First, lets tackle backing it in, then we'll look at drifting....
1. bike setup - just keep it the same as normal and what you're used to - changing settings will make the bike feel different and therefore how will you know how it feels to start sliding? Making changes adds to the confusion and as with engine development - do one thing at a time!
2. Understand the process first and what we're trying to achieve:
a) It's not just to look good - it's about getting the bike into a better position to get the rider through and out of the corner as fast as possible.
Backing it in is therefore about getting the bike pointing further in the direction you want the bike to go so that you're then able to get on the throttle harder and earlier, and spending less time leaning too far over to get on the throttle properly - if you know what I mean.
This should also answer the question as to when to back it in - only when it's the best thing to do - in other corners, knee down superbike style may be the best and fastest way round - use your judgment - it depends on the corner.

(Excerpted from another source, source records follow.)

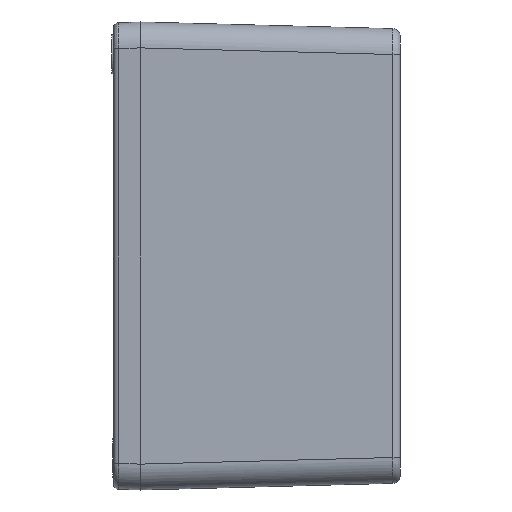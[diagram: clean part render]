
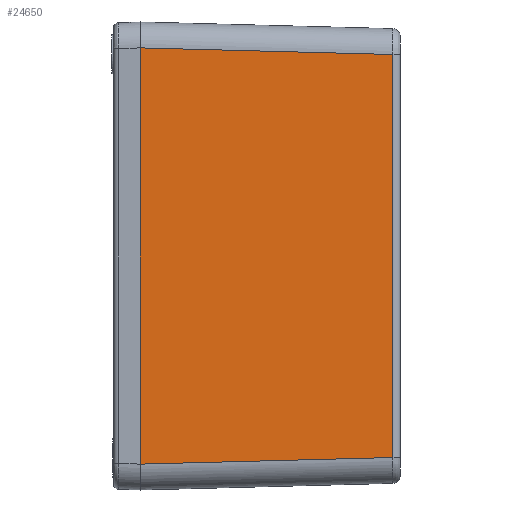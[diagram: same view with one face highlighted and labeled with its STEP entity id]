
A CAD part, left-side view. The second image highlights one B-rep face of the part: STEP entity #24650.
In plain terms, the highlighted planar face has unit normal (-1, -0.026, 0).
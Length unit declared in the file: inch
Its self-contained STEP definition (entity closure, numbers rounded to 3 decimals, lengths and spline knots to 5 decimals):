
#169 = LINE ( 'NONE', #43326, #51371 ) ;
#644 = CARTESIAN_POINT ( 'NONE',  ( -2.22141, -1.91887, 1.5325 ) ) ;
#1147 = EDGE_CURVE ( 'NONE', #45462, #4157, #7318, .T. ) ;
#1354 = CARTESIAN_POINT ( 'NONE',  ( -2.27165, 0., -1.77953 ) ) ;
#1637 = DIRECTION ( 'NONE',  ( -1., -0.026, 0. ) ) ;
#4157 = VERTEX_POINT ( 'NONE', #9343 ) ;
#6212 = CARTESIAN_POINT ( 'NONE',  ( -2.27165, 0., -1.58274 ) ) ;
#6536 = FACE_OUTER_BOUND ( 'NONE', #7825, .T. ) ;
#7318 = LINE ( 'NONE', #6212, #36957 ) ;
#7825 = EDGE_LOOP ( 'NONE', ( #39869, #39115, #27180, #42931 ) ) ;
#9343 = CARTESIAN_POINT ( 'NONE',  ( -2.22141, -1.91887, -1.5325 ) ) ;
#9628 = EDGE_CURVE ( 'NONE', #4157, #51546, #169, .T. ) ;
#10347 = VECTOR ( 'NONE', #36302, 39.37008 ) ;
#10882 = PLANE ( 'NONE',  #20567 ) ;
#12706 = CARTESIAN_POINT ( 'NONE',  ( -2.27165, 0., -1.58274 ) ) ;
#13972 = CARTESIAN_POINT ( 'NONE',  ( -2.27165, 0., 1.77953 ) ) ;
#15500 = DIRECTION ( 'NONE',  ( 0.026, -1., 0. ) ) ;
#18756 = CARTESIAN_POINT ( 'NONE',  ( -2.27165, 0., 1.58274 ) ) ;
#20567 = AXIS2_PLACEMENT_3D ( 'NONE', #1354, #1637, #15500 ) ;
#22541 = EDGE_CURVE ( 'NONE', #45462, #46542, #35436, .T. ) ;
#24650 = ADVANCED_FACE ( 'NONE', ( #6536 ), #10882, .T. ) ;
#24969 = DIRECTION ( 'NONE',  ( 0.026, -0.999, 0.026 ) ) ;
#25649 = DIRECTION ( 'NONE',  ( 0., 0., 1. ) ) ;
#26399 = EDGE_CURVE ( 'NONE', #46542, #51546, #56248, .T. ) ;
#27180 = ORIENTED_EDGE ( 'NONE', *, *, #1147, .T. ) ;
#33400 = DIRECTION ( 'NONE',  ( 0.026, -0.999, -0.026 ) ) ;
#33976 = CARTESIAN_POINT ( 'NONE',  ( -2.26935, -0.08792, 1.58044 ) ) ;
#35436 = LINE ( 'NONE', #13972, #10347 ) ;
#36302 = DIRECTION ( 'NONE',  ( 0., 0., 1. ) ) ;
#36852 = VECTOR ( 'NONE', #33400, 39.37008 ) ;
#36957 = VECTOR ( 'NONE', #24969, 39.37008 ) ;
#39115 = ORIENTED_EDGE ( 'NONE', *, *, #22541, .F. ) ;
#39869 = ORIENTED_EDGE ( 'NONE', *, *, #26399, .F. ) ;
#42931 = ORIENTED_EDGE ( 'NONE', *, *, #9628, .T. ) ;
#43326 = CARTESIAN_POINT ( 'NONE',  ( -2.22141, -1.91887, -1.77953 ) ) ;
#45462 = VERTEX_POINT ( 'NONE', #12706 ) ;
#46542 = VERTEX_POINT ( 'NONE', #18756 ) ;
#51371 = VECTOR ( 'NONE', #25649, 39.37008 ) ;
#51546 = VERTEX_POINT ( 'NONE', #644 ) ;
#56248 = LINE ( 'NONE', #33976, #36852 ) ;

b) It's about preparing for getting out of the corner fastest therefore it is about being set up for getting straight on the gas when you hit the apex or point at which you want to fire out of the corner (whichever is most appropriate).
This should answer your question about what and how many gears you need to knock it down as you back it in - if it is a first gear corner, you knock the gearbox down to first, if it is second, you knock it down to second. And that means even if you're in sixth gear and you approach the corner. It is not as scary as it sounds and we'll build up to that....
c) You never lock the rear wheel - but you do break traction (obviously).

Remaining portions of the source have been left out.